What you give back must match the data exactly, minus the pictures.

#### EXTRACTED RECORDS ####

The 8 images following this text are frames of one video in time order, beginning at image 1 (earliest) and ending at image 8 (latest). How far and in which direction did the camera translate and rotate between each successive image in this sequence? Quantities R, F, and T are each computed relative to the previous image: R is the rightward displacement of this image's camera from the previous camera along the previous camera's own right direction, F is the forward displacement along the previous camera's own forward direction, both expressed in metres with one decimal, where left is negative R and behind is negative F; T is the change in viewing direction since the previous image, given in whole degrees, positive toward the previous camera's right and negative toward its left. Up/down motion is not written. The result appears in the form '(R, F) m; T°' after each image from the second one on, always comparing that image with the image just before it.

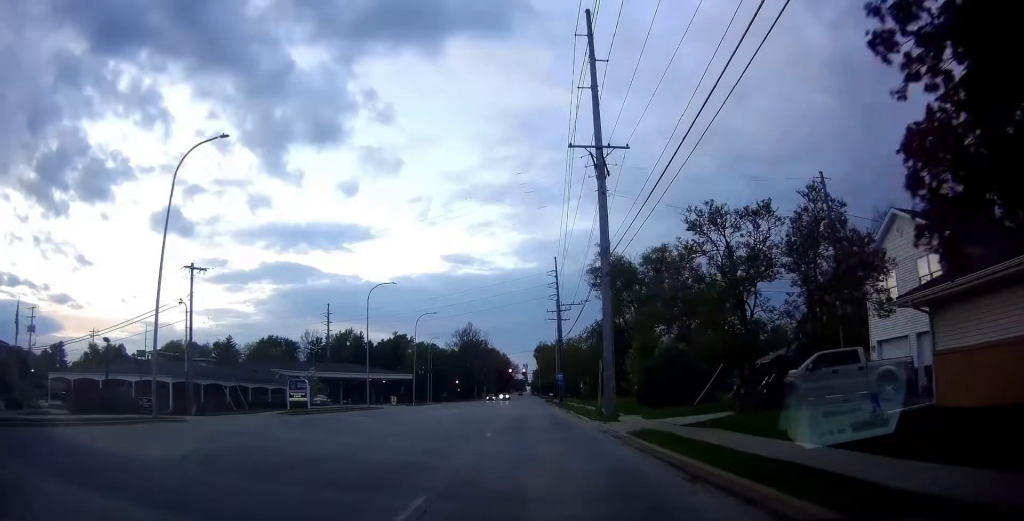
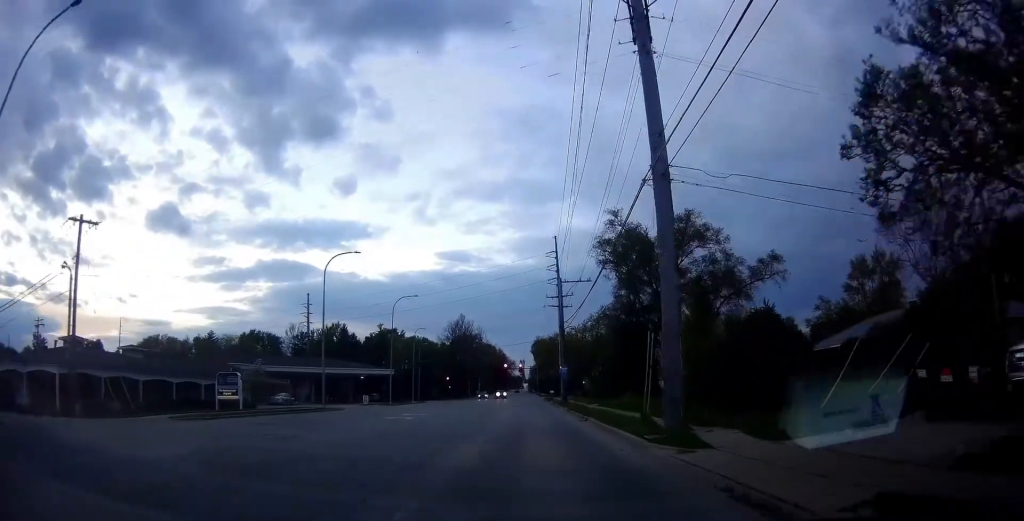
(0.0, +12.3) m; 0°
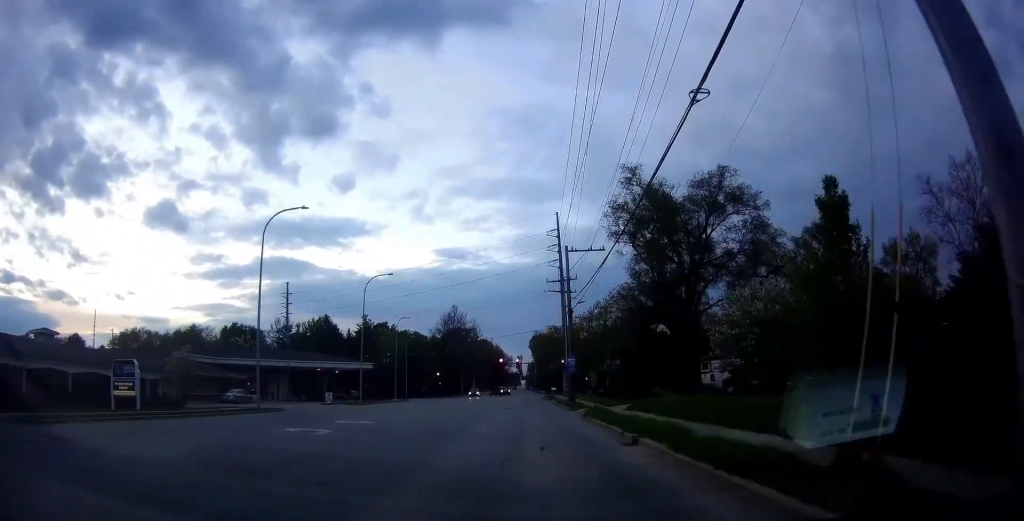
(0.0, +11.3) m; 0°
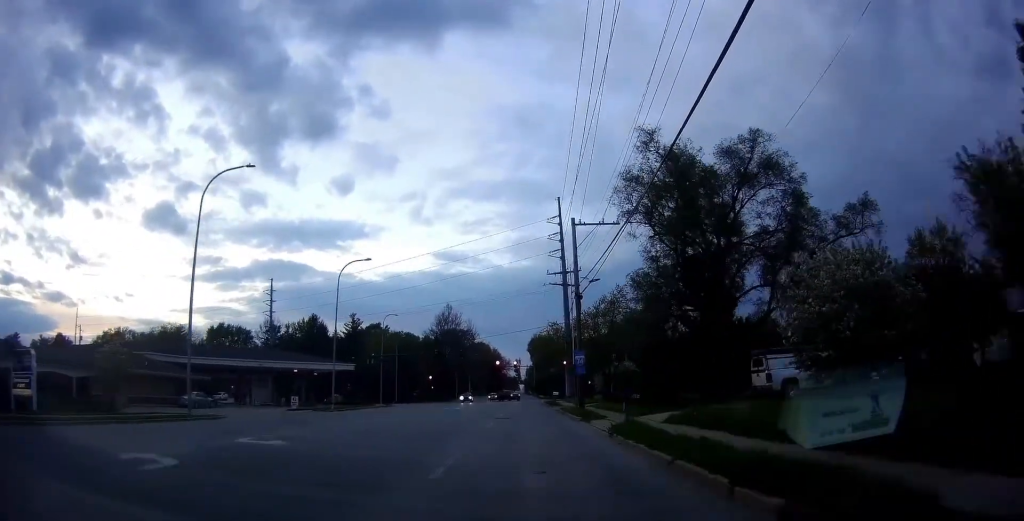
(0.0, +7.9) m; 0°
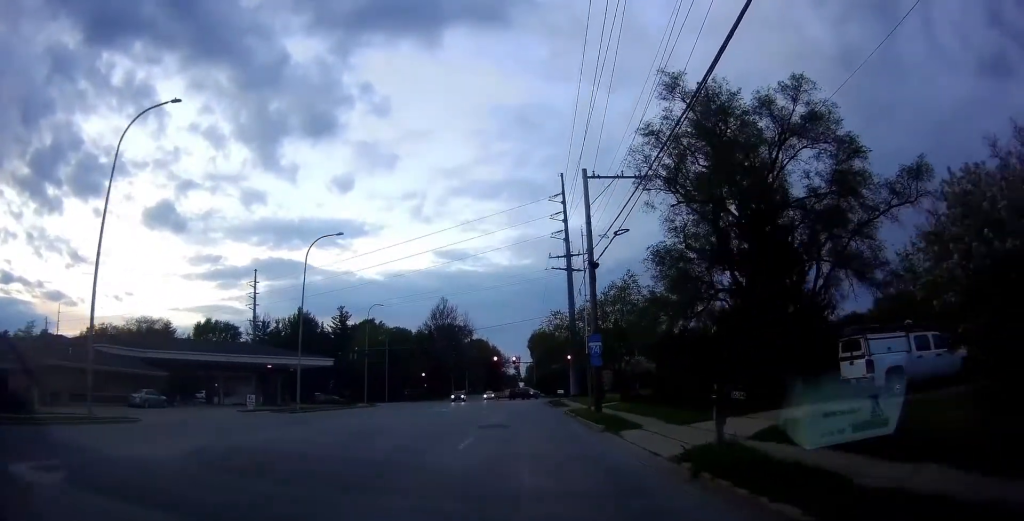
(0.0, +7.8) m; 0°
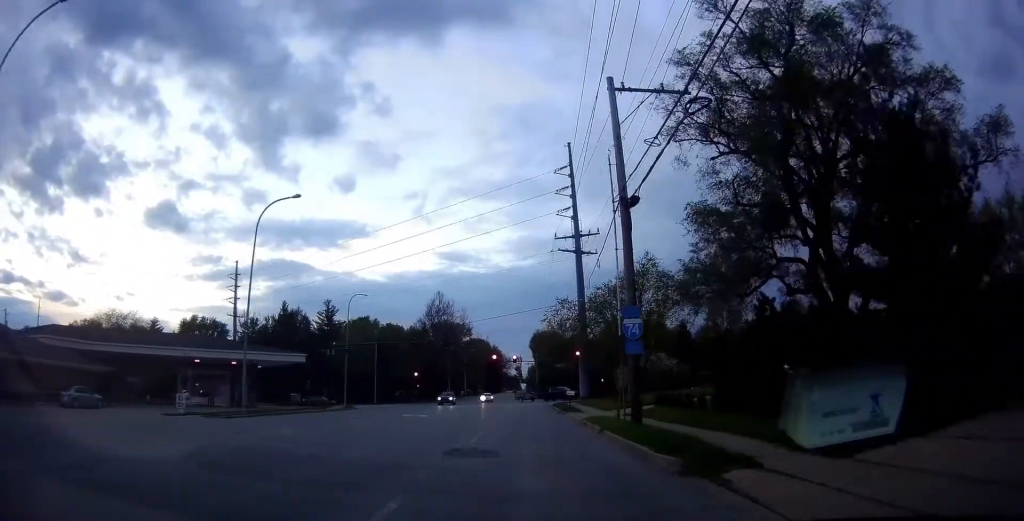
(0.0, +9.0) m; 0°
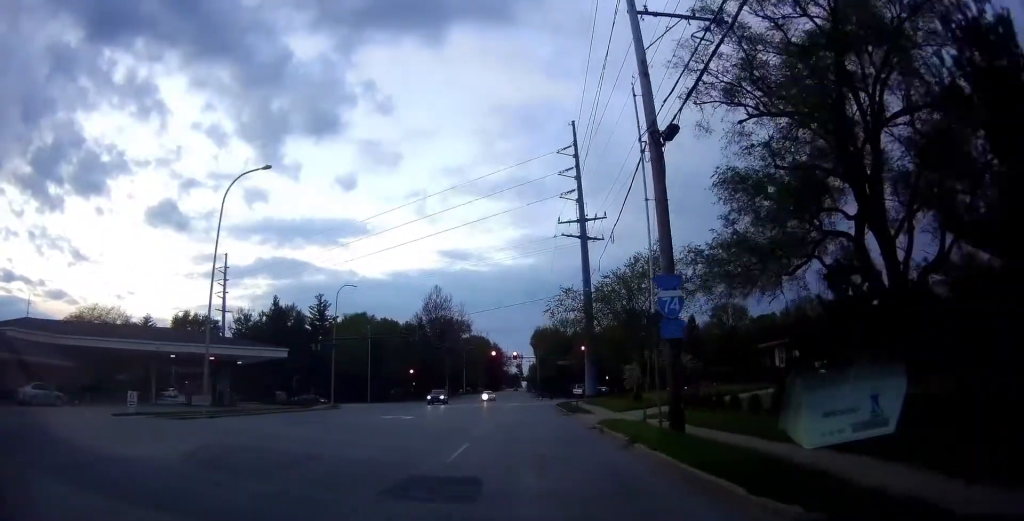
(0.0, +4.4) m; 0°
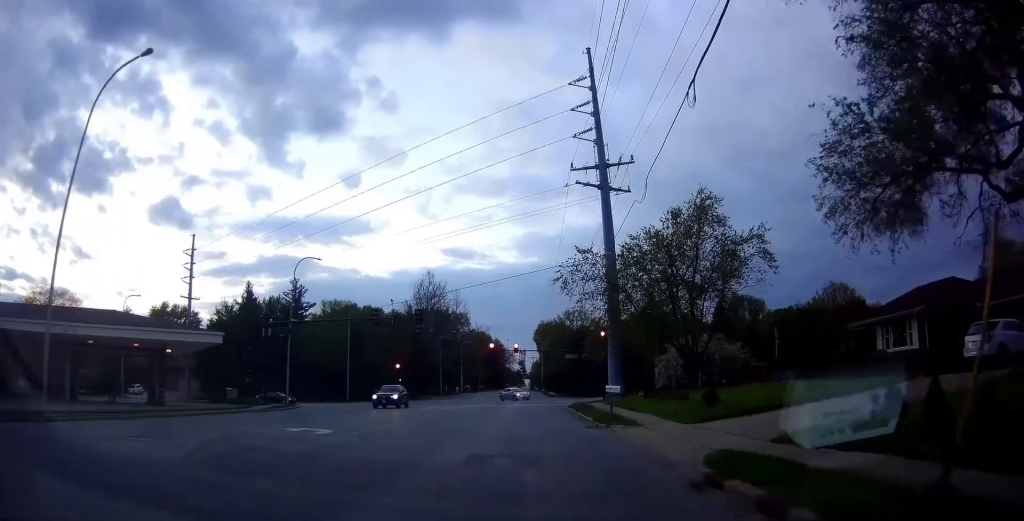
(0.0, +12.4) m; 0°

####

• **ANSWER TO THE PROBLEM**:
The 8 images following this text are frames of one video in time order, beginning at image 1 (earliest) and ending at image 8 (latest). How far and in which direction did the camera translate and rotate between each successive image in this sequence? Quantities R, F, and T are each computed relative to the previous image: R is the rightward displacement of this image's camera from the previous camera along the previous camera's own right direction, F is the forward displacement along the previous camera's own forward direction, both expressed in metres with one decimal, where left is negative R and behind is negative F; T is the change in viewing direction since the previous image, given in whole degrees, positive toward the previous camera's right and negative toward its left. Up/down motion is not written. The result appears in the form '(R, F) m; T°' after each image from the second one on, always comparing that image with the image just before it.

(0.0, +12.3) m; 0°
(0.0, +11.3) m; 0°
(0.0, +7.9) m; 0°
(0.0, +7.8) m; 0°
(0.0, +9.0) m; 0°
(0.0, +4.4) m; 0°
(0.0, +12.4) m; 0°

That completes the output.